Above shows the top rebounders in the league, but with the amount of rebounds on either the offensive or defensive side. Rudy Gobert is the top rebounder, but is about 3:1 ratio of defensive to offensive rebounds, which means most of his rebounds come from the defensive side of the floor. The top offensive rebounder is Steven Adams with about 4.5 rebounds, but is ranked number 14 in total rebounds.

In [474]:
# Scatter plot of 3PT Attempts vs. 3PT Percentage of Top 30 3PT Shooters
fig6 = px.scatter(top30_3pt, x='3PA', y='3P%', 
                 title='3PT Attempts vs. 3PT Percentage (Shooting More Than 5 3PTs Per Game)',
                 labels={'3PA': '3-Point Attempts Per Game', '3P%': '3-Point Percentage'},
                 size='3PA', hover_name='Player')

fig6.show()

This shows the effiency of the top 30 three point shooters (in three point field percentages shooting more than 5 threes a game). There seems to be an outlier of this group, it being Stephen Curry with his attempts.

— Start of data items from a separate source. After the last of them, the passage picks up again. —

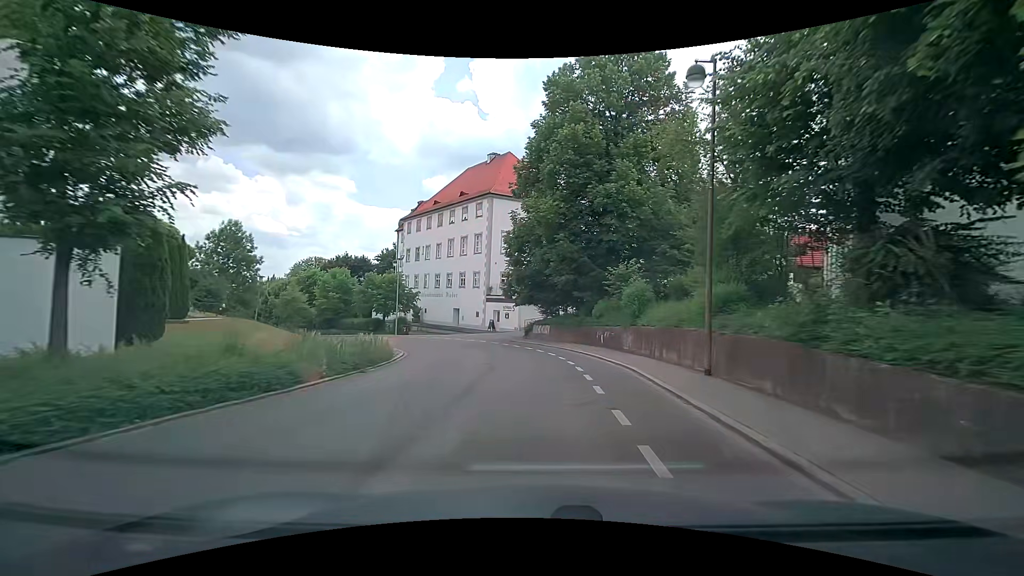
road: tertiary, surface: asphalt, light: Day
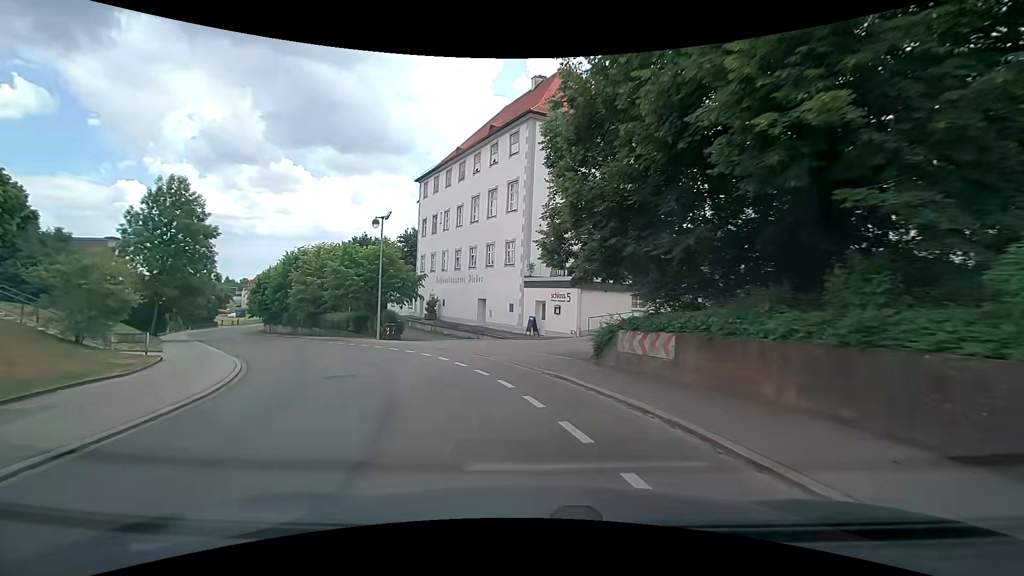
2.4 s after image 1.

He attempts about 11.9 threes a game, but shooting 40.9% from three. While the player who tends to make his threes more often, is Kevin Durant with 42.7% from three, but only shooting about 5.2 threes a game.

In [477]:
# Scatter plot of Assists vs. Turnovers (Playmaking Efficiency)
fig7 = px.scatter(top15_playmakers, x='AST', y='TOV', 
                 title='Assists vs. Turnovers (Playmaking Efficiency)',
                 labels={'AST': 'Assists Per Game', 'TOV': 'Turnovers Per Game'},
                 color='Pos', size='AST', hover_name='Player')

fig7.show()

This shows the assist vs. turnovers, meaning how efficient of a playmaker is. The less of turnovers is the better, but with the increase amount of assists tends to be more turnovers. Typically, the ratio to aim for in assists to turnover is 2:1. Anything less, would usually mean the player is not an elite playmaker, or the designated playmaker for their team. The player with best assist to turnover ratio is Chris Paul with about a 4:1 ratio.